Goal of the exercise >> Ignoring every picture, return the lines of the listing below word for word, from the line that holds "Laid out in" through the line that holds "Duration since image 1: 1.0 s.".

Given records >>

»»

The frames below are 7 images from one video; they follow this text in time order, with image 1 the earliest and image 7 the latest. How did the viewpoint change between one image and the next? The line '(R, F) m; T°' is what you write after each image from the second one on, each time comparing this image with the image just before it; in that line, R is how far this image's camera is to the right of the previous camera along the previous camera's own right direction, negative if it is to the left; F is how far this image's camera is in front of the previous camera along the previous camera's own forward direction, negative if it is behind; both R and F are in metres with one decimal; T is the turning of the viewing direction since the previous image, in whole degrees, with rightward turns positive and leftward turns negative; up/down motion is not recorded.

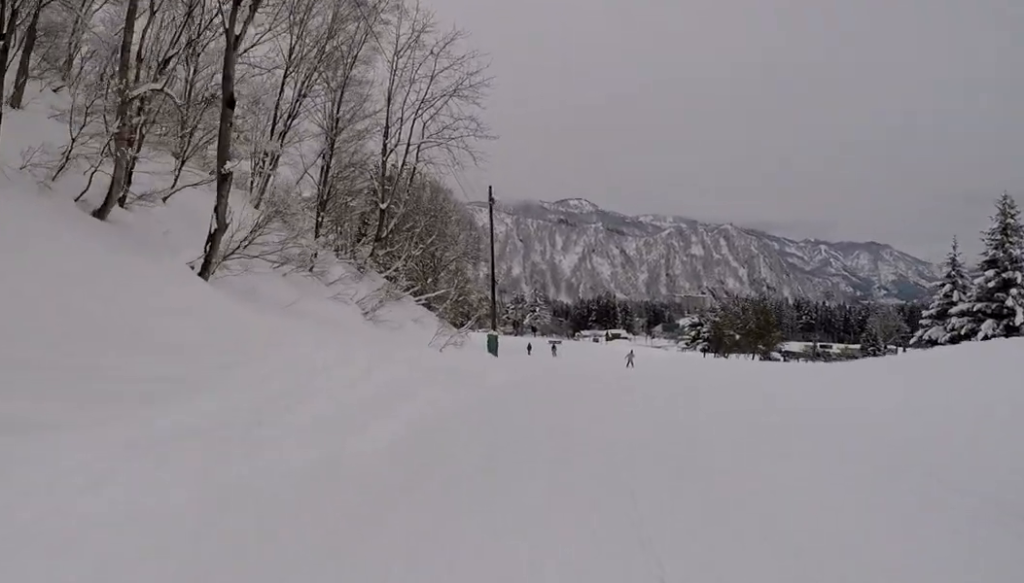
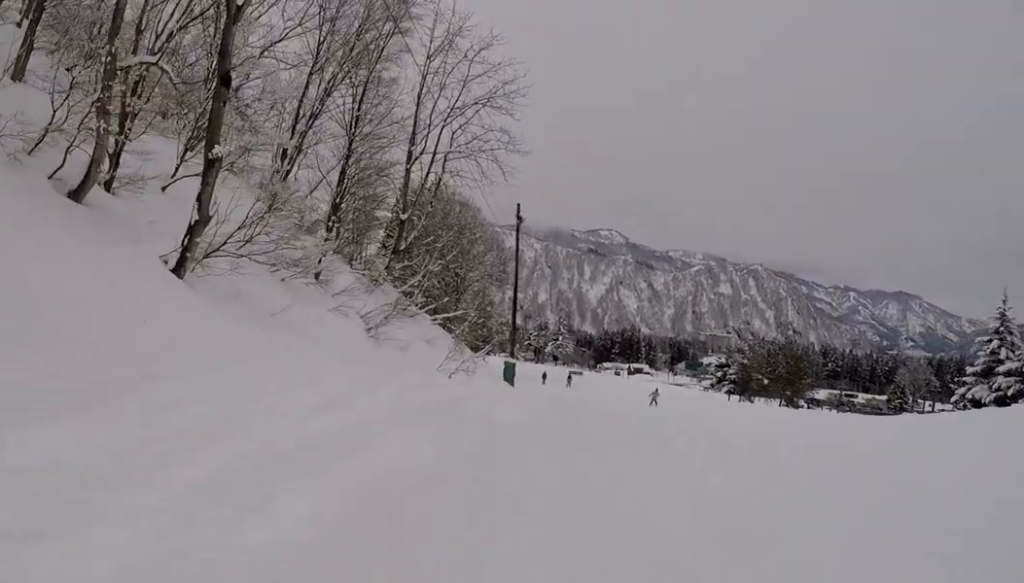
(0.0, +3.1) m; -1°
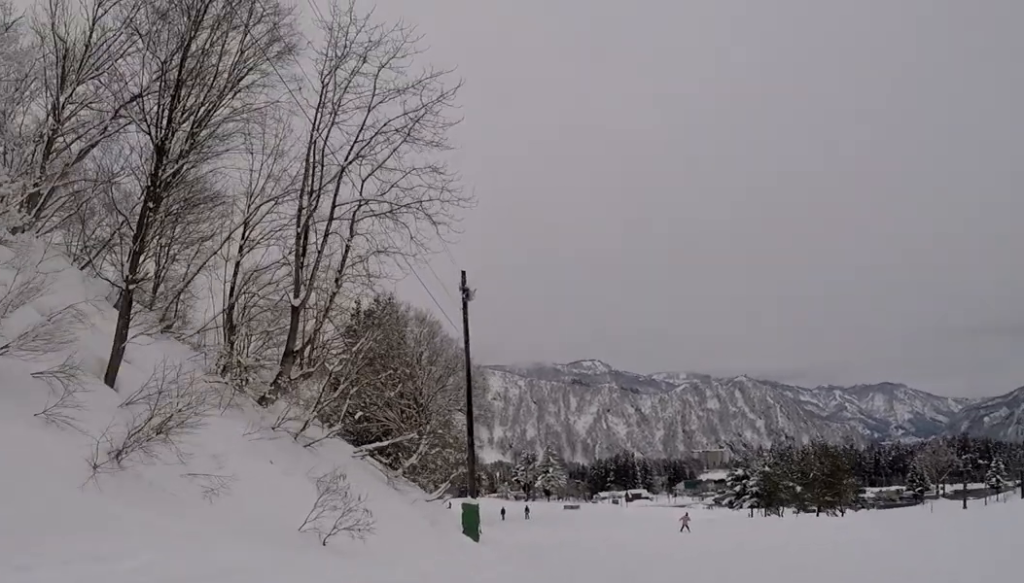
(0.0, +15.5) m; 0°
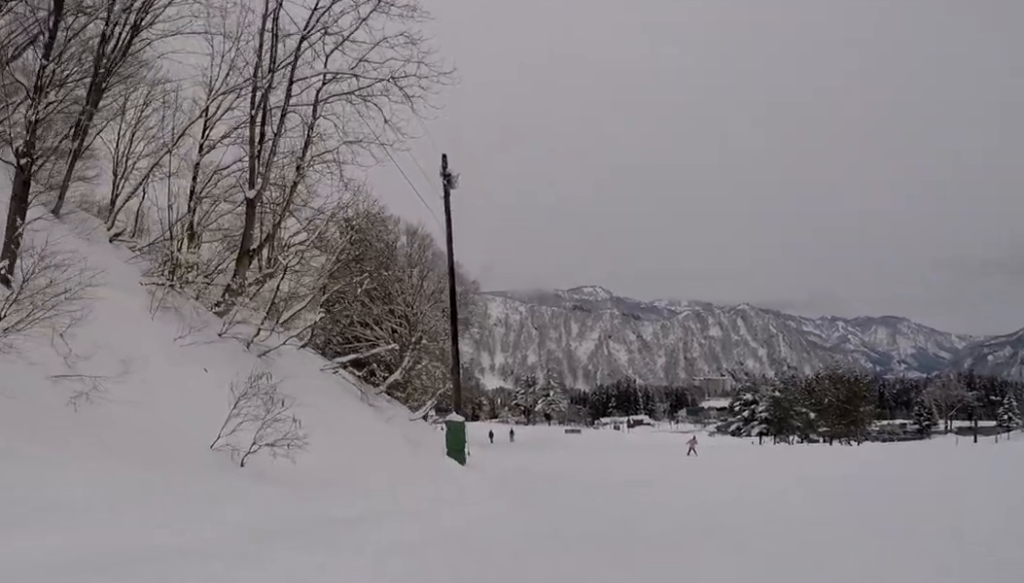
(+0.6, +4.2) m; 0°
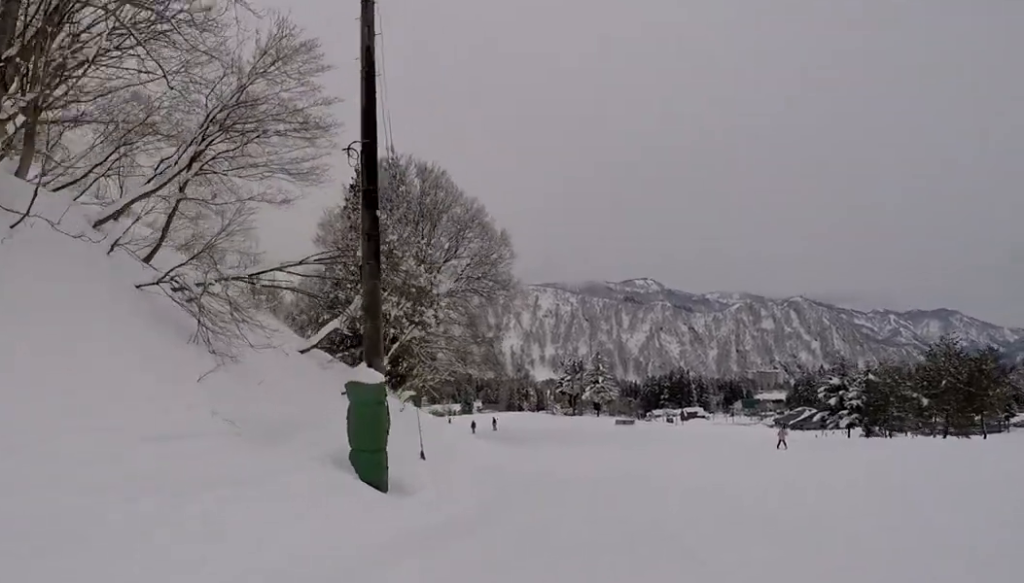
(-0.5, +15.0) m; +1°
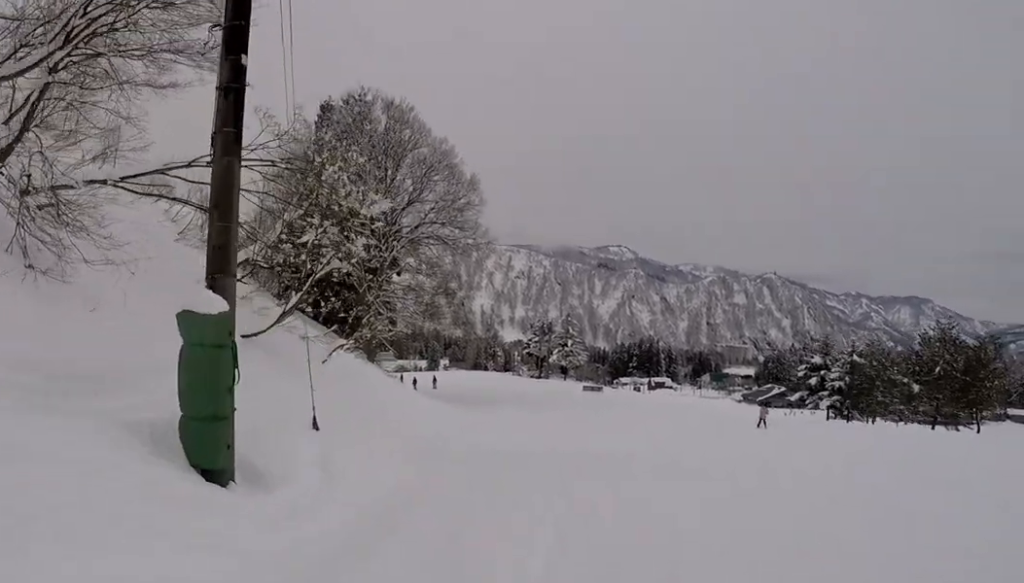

««
»»

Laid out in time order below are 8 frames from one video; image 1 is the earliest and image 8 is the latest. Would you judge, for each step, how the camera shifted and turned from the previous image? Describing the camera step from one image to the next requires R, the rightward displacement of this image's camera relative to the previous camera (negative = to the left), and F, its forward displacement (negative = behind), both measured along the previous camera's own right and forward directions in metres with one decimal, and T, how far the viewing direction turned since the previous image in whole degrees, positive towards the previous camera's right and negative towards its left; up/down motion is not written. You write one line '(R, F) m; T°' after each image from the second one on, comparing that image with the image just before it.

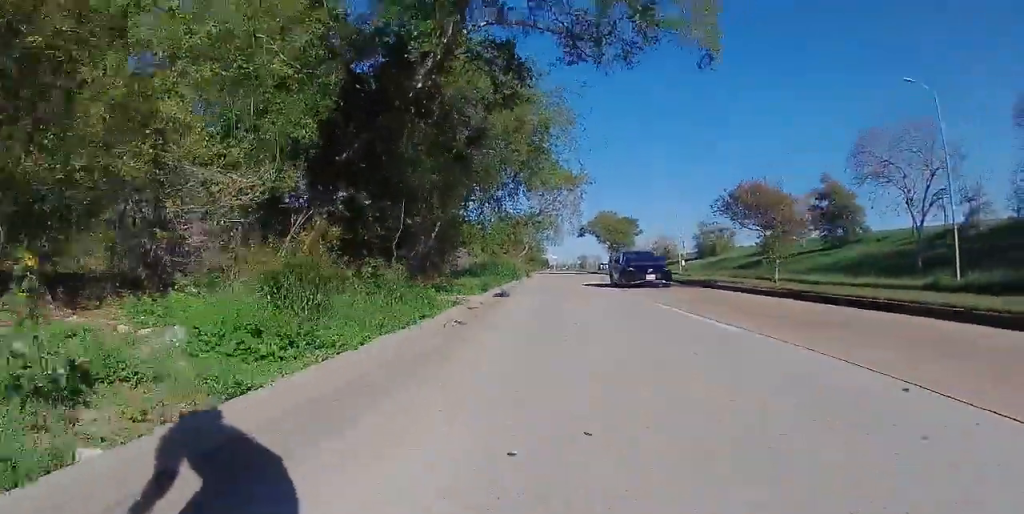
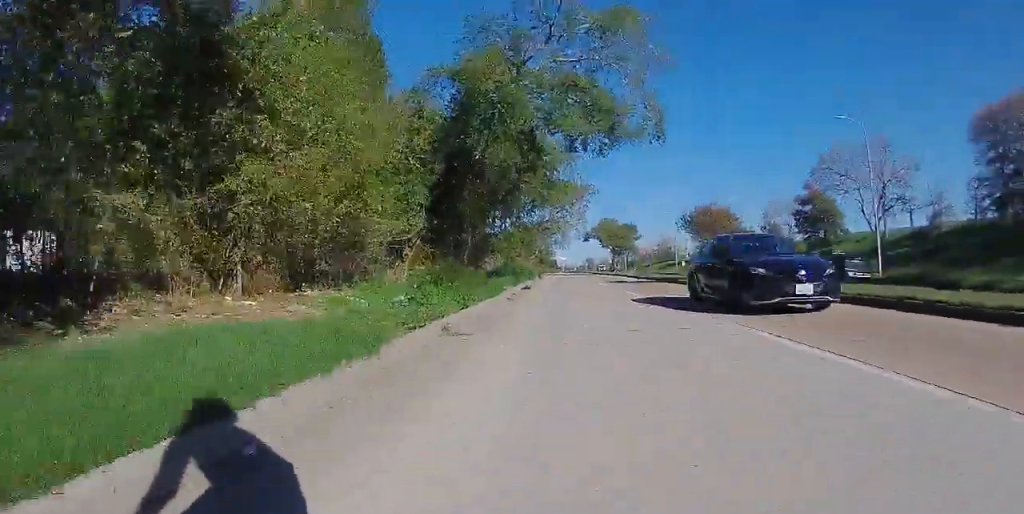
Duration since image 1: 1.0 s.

««

Problem solution >>
Laid out in time order below are 8 frames from one video; image 1 is the earliest and image 8 is the latest. Would you judge, for each step, how the camera shifted and turned from the previous image? Describing the camera step from one image to the next requires R, the rightward displacement of this image's camera relative to the previous camera (negative = to the left), and F, its forward displacement (negative = behind), both measured along the previous camera's own right and forward directions in metres with one decimal, and T, how far the viewing direction turned since the previous image in whole degrees, positive towards the previous camera's right and negative towards its left; up/down motion is not written. You write one line '(R, F) m; T°' after each image from the second one on, comparing that image with the image just before it.

Duration since image 1: 1.0 s.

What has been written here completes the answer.